Question 2 - A-Level Maths

OCR MEI C4 — Question 2 18 marks

Exam Board	OCR MEI
Module	C4 (Core Mathematics 4)
Marks	18
Paper	Download PDF ↗
Mark scheme	Download PDF ↗
Topic	Differential equations
Type	Separable variables - standard (applied/contextual)
Difficulty	Standard +0.3 This is a structured, heavily scaffolded differential equations question where students are guided through each step with 'show that' prompts. Parts (i)-(iii) involve standard chain rule and separation of variables. Parts (iv)-(vi) require more careful algebraic manipulation and interpretation, but the algebraic identity in (v) is given to help with integration. While it's a longer question requiring sustained work, the scaffolding and standard techniques make it slightly easier than average for A-level.
Spec	1.07b Gradient as rate of change: dy/dx notation 1.08k Separable differential equations: dy/dx = f(x)g(y)

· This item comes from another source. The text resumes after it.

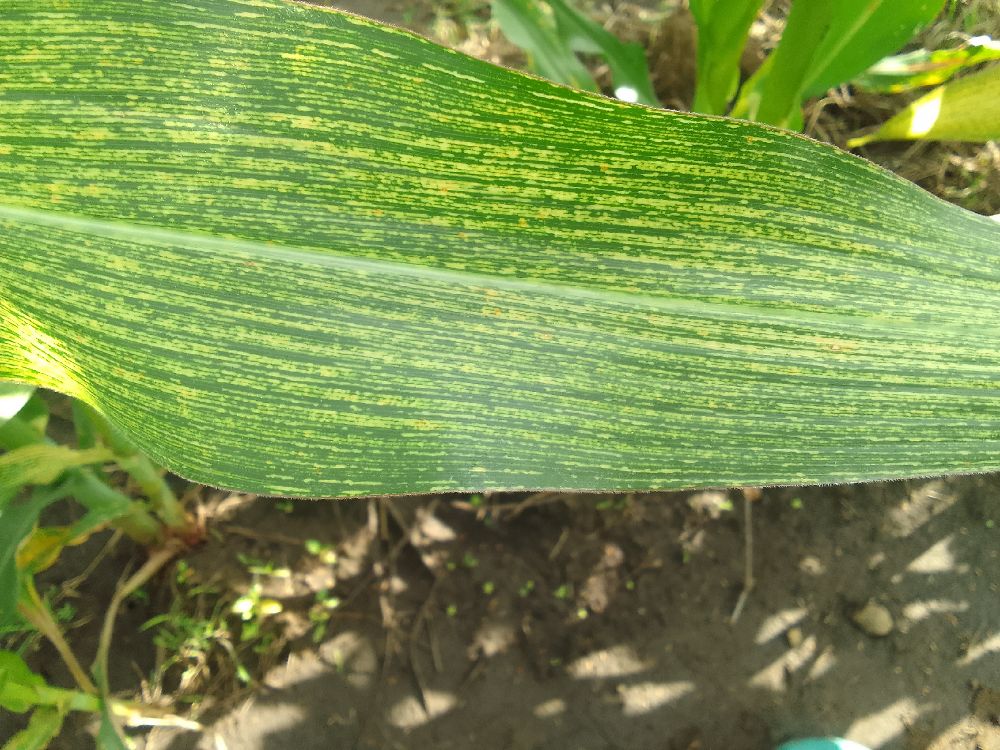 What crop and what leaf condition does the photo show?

maize, maize streak virus

2 Water is leaking from a container. After $t$ seconds, the depth of water in the container is $x \mathrm {~cm}$, and the volume of water is $V \mathrm {~cm} ^ { 3 }$, where $V = \frac { 1 } { 3 } x ^ { 3 }$. The rate at which water is lost is proportional to $x$, so that $\frac { \mathrm { d } V } { \mathrm {~d} t } = - k x$, where $k$ is a constant.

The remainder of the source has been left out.